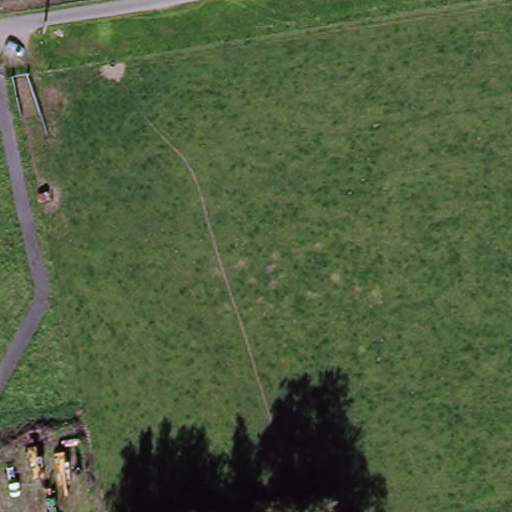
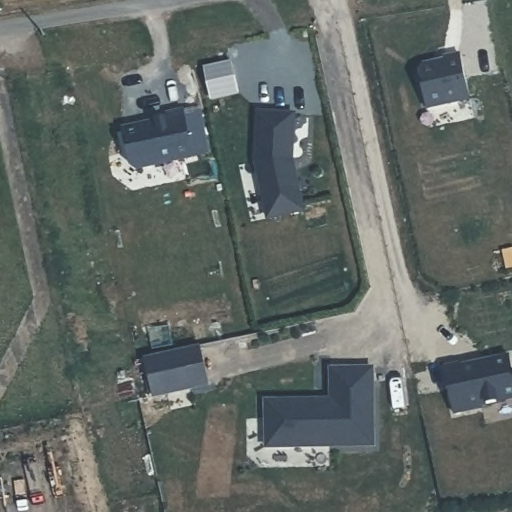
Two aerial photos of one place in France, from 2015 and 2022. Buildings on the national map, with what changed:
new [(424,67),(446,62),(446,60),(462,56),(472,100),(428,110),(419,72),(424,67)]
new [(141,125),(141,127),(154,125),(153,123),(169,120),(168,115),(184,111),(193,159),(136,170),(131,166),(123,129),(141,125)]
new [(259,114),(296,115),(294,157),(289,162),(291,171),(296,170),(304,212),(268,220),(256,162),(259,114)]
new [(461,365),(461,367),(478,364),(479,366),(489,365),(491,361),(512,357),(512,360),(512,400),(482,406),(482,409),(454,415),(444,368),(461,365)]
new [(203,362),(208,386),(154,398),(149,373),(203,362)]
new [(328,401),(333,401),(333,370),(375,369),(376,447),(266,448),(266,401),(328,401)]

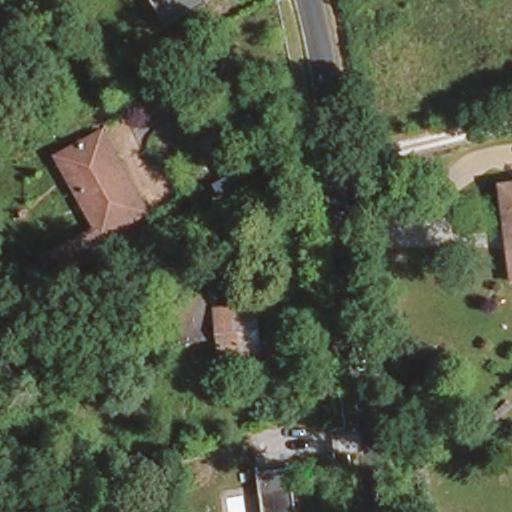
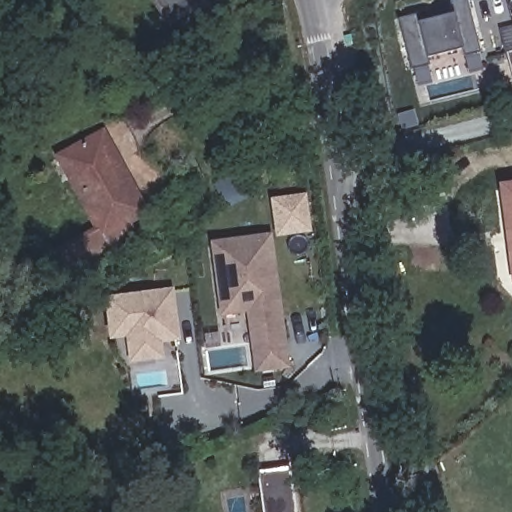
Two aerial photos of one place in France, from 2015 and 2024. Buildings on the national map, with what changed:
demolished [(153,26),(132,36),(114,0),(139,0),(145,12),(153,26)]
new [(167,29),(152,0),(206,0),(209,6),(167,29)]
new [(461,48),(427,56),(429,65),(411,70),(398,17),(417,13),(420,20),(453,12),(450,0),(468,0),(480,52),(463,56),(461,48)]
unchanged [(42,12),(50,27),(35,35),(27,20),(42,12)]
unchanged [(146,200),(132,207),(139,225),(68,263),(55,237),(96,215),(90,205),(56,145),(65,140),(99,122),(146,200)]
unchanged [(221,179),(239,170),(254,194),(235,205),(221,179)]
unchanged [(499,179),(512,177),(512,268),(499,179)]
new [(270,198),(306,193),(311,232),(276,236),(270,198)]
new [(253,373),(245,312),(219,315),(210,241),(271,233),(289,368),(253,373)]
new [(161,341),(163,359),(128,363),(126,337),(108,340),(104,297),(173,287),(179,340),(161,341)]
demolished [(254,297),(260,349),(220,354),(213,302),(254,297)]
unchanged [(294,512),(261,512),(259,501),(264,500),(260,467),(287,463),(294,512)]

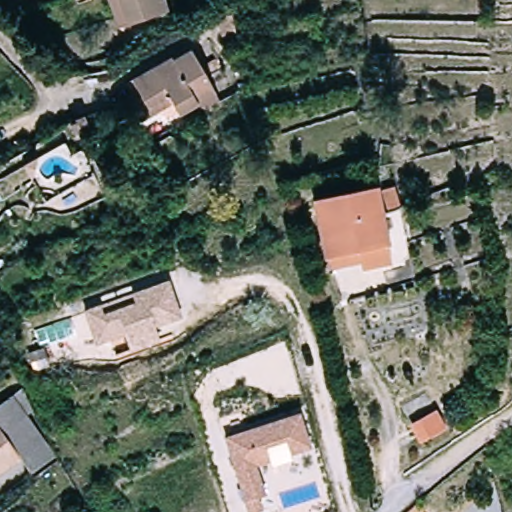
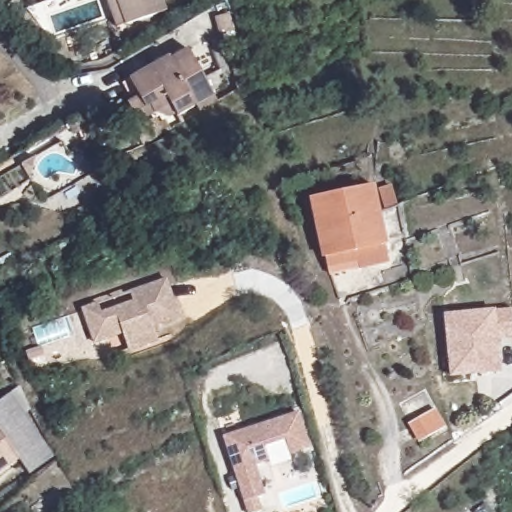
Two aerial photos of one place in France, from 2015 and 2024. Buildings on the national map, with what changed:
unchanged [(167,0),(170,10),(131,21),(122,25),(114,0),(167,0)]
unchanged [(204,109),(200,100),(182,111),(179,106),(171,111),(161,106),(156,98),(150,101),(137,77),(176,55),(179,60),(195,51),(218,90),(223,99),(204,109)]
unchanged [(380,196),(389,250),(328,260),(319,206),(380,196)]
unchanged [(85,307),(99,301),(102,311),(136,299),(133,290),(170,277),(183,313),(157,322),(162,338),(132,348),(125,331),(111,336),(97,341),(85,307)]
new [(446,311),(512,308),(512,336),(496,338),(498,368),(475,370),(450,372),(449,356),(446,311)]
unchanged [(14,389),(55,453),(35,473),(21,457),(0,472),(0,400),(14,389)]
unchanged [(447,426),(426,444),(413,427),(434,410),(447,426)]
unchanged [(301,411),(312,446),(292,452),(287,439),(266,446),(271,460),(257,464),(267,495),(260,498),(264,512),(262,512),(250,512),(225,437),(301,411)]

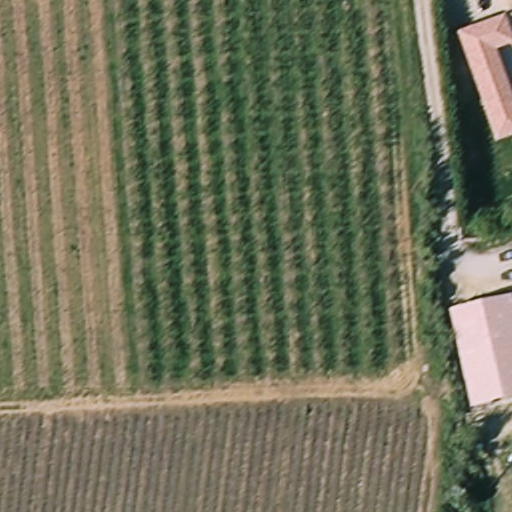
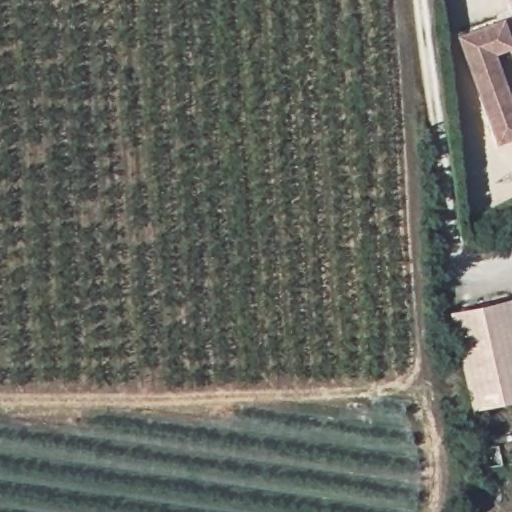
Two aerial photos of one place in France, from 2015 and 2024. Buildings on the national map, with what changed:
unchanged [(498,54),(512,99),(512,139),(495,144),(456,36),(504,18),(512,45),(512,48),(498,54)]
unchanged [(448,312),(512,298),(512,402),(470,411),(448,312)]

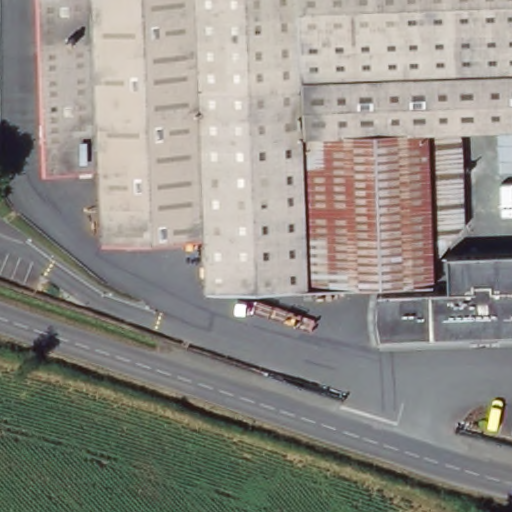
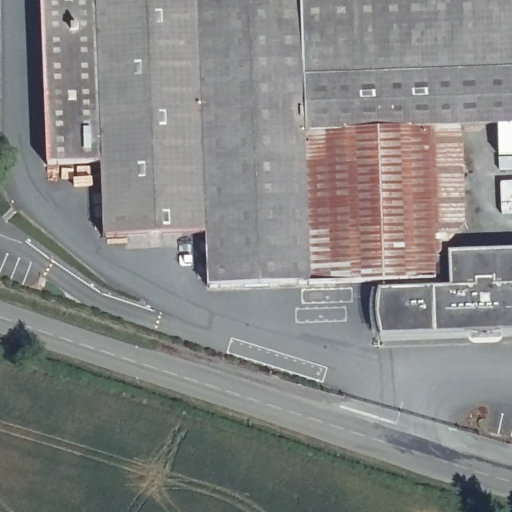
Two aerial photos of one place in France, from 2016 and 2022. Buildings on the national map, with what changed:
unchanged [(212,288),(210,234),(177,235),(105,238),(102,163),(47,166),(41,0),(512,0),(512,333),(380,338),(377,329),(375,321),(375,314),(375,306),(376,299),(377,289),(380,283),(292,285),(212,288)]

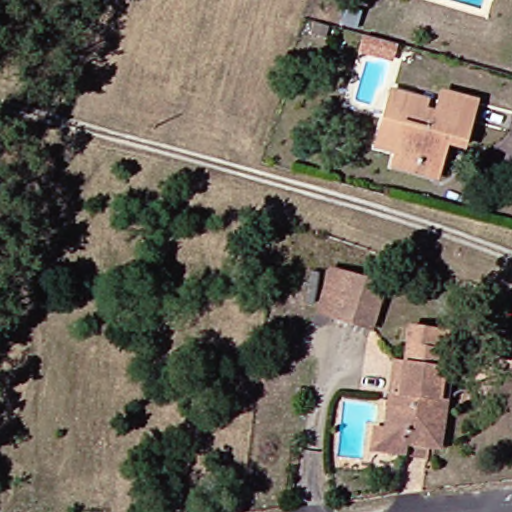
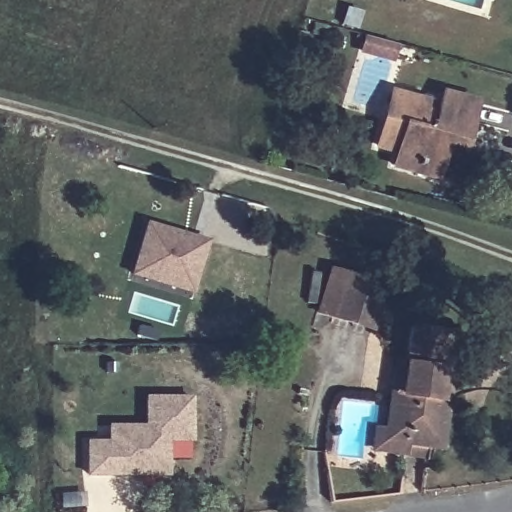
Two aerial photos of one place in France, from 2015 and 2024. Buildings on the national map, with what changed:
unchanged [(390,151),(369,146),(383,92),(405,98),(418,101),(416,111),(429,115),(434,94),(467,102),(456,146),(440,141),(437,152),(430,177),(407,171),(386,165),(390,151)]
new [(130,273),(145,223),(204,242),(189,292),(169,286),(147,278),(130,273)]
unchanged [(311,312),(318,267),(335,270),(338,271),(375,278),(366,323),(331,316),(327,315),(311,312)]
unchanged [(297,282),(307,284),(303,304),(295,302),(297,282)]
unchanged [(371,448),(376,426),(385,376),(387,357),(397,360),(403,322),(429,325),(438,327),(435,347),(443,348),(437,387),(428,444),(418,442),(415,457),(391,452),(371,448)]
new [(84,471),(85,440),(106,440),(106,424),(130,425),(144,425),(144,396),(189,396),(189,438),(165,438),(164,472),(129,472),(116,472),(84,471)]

————

Exercise details: Each of the lines above should be transcribed exactly; no image is to be copied.

Task output:
Two aerial photos of one place in France, from 2015 and 2022. Buildings on the national map, with what changed:
new [(424,67),(446,62),(446,60),(462,56),(472,100),(428,110),(419,72),(424,67)]
new [(141,125),(141,127),(154,125),(153,123),(169,120),(168,115),(184,111),(193,159),(136,170),(131,166),(123,129),(141,125)]
new [(259,114),(296,115),(294,157),(289,162),(291,171),(296,170),(304,212),(268,220),(256,162),(259,114)]
new [(461,365),(461,367),(478,364),(479,366),(489,365),(491,361),(512,357),(512,360),(512,400),(482,406),(482,409),(454,415),(444,368),(461,365)]
new [(203,362),(208,386),(154,398),(149,373),(203,362)]
new [(328,401),(333,401),(333,370),(375,369),(376,447),(266,448),(266,401),(328,401)]

Two aerial photos of one place in France, from 2015 and 2024. Buildings on the national map, with what changed:
demolished [(153,26),(132,36),(114,0),(139,0),(145,12),(153,26)]
new [(167,29),(152,0),(206,0),(209,6),(167,29)]
new [(461,48),(427,56),(429,65),(411,70),(398,17),(417,13),(420,20),(453,12),(450,0),(468,0),(480,52),(463,56),(461,48)]
unchanged [(42,12),(50,27),(35,35),(27,20),(42,12)]
unchanged [(146,200),(132,207),(139,225),(68,263),(55,237),(96,215),(90,205),(56,145),(65,140),(99,122),(146,200)]
unchanged [(221,179),(239,170),(254,194),(235,205),(221,179)]
unchanged [(499,179),(512,177),(512,268),(499,179)]
new [(270,198),(306,193),(311,232),(276,236),(270,198)]
new [(253,373),(245,312),(219,315),(210,241),(271,233),(289,368),(253,373)]
new [(161,341),(163,359),(128,363),(126,337),(108,340),(104,297),(173,287),(179,340),(161,341)]
demolished [(254,297),(260,349),(220,354),(213,302),(254,297)]
unchanged [(294,512),(261,512),(259,501),(264,500),(260,467),(287,463),(294,512)]

Two aerial photos of one place in France, from 2015 and 2024. Buildings on the national map, with what changed:
unchanged [(167,0),(170,10),(131,21),(122,25),(114,0),(167,0)]
unchanged [(204,109),(200,100),(182,111),(179,106),(171,111),(161,106),(156,98),(150,101),(137,77),(176,55),(179,60),(195,51),(218,90),(223,99),(204,109)]
unchanged [(380,196),(389,250),(328,260),(319,206),(380,196)]
unchanged [(85,307),(99,301),(102,311),(136,299),(133,290),(170,277),(183,313),(157,322),(162,338),(132,348),(125,331),(111,336),(97,341),(85,307)]
new [(446,311),(512,308),(512,336),(496,338),(498,368),(475,370),(450,372),(449,356),(446,311)]
unchanged [(14,389),(55,453),(35,473),(21,457),(0,472),(0,400),(14,389)]
unchanged [(447,426),(426,444),(413,427),(434,410),(447,426)]
unchanged [(301,411),(312,446),(292,452),(287,439),(266,446),(271,460),(257,464),(267,495),(260,498),(264,512),(262,512),(250,512),(225,437),(301,411)]

Two aerial photos of one place in France, from 2015 and 2024. Buildings on the national map, with what changed:
unchanged [(498,54),(512,99),(512,139),(495,144),(456,36),(504,18),(512,45),(512,48),(498,54)]
unchanged [(448,312),(512,298),(512,402),(470,411),(448,312)]

Two aerial photos of one place in France, from 2016 and 2022. Buildings on the national map, with what changed:
unchanged [(212,288),(210,234),(177,235),(105,238),(102,163),(47,166),(41,0),(512,0),(512,333),(380,338),(377,329),(375,321),(375,314),(375,306),(376,299),(377,289),(380,283),(292,285),(212,288)]

Two aerial photos of one place in France, from 2015 and 2024. Buildings on the national map, with what changed:
unchanged [(390,151),(369,146),(383,92),(405,98),(418,101),(416,111),(429,115),(434,94),(467,102),(456,146),(440,141),(437,152),(430,177),(407,171),(386,165),(390,151)]
new [(130,273),(145,223),(204,242),(189,292),(169,286),(147,278),(130,273)]
unchanged [(311,312),(318,267),(335,270),(338,271),(375,278),(366,323),(331,316),(327,315),(311,312)]
unchanged [(297,282),(307,284),(303,304),(295,302),(297,282)]
unchanged [(371,448),(376,426),(385,376),(387,357),(397,360),(403,322),(429,325),(438,327),(435,347),(443,348),(437,387),(428,444),(418,442),(415,457),(391,452),(371,448)]
new [(84,471),(85,440),(106,440),(106,424),(130,425),(144,425),(144,396),(189,396),(189,438),(165,438),(164,472),(129,472),(116,472),(84,471)]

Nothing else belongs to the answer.